» EXERCISE OBJECTIVE
What you return should be the lines of the data containing "like", each in full.

[Items from a data source]

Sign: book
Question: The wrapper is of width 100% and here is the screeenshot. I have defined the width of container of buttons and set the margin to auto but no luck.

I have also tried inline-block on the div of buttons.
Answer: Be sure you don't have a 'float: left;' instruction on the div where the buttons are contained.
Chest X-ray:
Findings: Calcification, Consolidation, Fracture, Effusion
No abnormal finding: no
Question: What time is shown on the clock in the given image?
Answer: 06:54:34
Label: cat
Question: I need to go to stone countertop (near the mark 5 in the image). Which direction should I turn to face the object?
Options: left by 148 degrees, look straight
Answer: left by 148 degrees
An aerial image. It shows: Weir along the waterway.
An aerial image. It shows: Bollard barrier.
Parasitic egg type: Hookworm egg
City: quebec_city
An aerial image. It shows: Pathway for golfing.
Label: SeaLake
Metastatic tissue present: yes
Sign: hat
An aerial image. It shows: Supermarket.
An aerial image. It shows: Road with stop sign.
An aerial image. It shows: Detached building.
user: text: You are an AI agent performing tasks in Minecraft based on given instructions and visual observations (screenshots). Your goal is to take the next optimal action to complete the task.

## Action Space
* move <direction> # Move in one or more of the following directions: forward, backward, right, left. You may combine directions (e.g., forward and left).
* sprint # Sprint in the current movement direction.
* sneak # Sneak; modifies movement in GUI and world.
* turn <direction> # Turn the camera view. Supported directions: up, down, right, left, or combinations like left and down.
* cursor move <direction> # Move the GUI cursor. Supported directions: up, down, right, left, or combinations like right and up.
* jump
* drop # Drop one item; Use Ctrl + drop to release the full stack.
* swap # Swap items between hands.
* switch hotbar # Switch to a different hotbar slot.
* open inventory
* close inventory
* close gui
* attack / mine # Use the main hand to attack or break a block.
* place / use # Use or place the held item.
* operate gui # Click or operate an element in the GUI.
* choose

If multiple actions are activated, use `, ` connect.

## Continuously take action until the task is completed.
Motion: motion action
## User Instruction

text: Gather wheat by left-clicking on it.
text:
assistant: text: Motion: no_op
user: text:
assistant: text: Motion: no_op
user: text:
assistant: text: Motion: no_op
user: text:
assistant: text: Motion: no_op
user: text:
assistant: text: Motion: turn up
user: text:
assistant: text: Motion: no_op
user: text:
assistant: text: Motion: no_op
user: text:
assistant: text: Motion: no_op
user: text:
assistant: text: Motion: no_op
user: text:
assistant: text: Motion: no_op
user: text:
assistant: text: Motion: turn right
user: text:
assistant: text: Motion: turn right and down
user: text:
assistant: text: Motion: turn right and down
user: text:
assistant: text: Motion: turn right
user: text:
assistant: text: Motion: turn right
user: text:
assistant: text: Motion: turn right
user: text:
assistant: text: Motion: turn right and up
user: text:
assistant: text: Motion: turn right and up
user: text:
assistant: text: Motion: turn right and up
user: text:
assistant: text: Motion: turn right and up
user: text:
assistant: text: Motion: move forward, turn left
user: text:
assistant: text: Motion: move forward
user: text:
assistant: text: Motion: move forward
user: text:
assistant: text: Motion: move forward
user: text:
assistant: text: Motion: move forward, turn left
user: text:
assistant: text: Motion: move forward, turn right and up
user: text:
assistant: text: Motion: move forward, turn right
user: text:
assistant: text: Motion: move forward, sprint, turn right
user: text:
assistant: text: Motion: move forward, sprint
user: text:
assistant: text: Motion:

» ANSWER BOX
* turn <direction> # Turn the camera view. Supported directions: up, down, right, left, or combinations like left and down.
* cursor move <direction> # Move the GUI cursor. Supported directions: up, down, right, left, or combinations like right and up.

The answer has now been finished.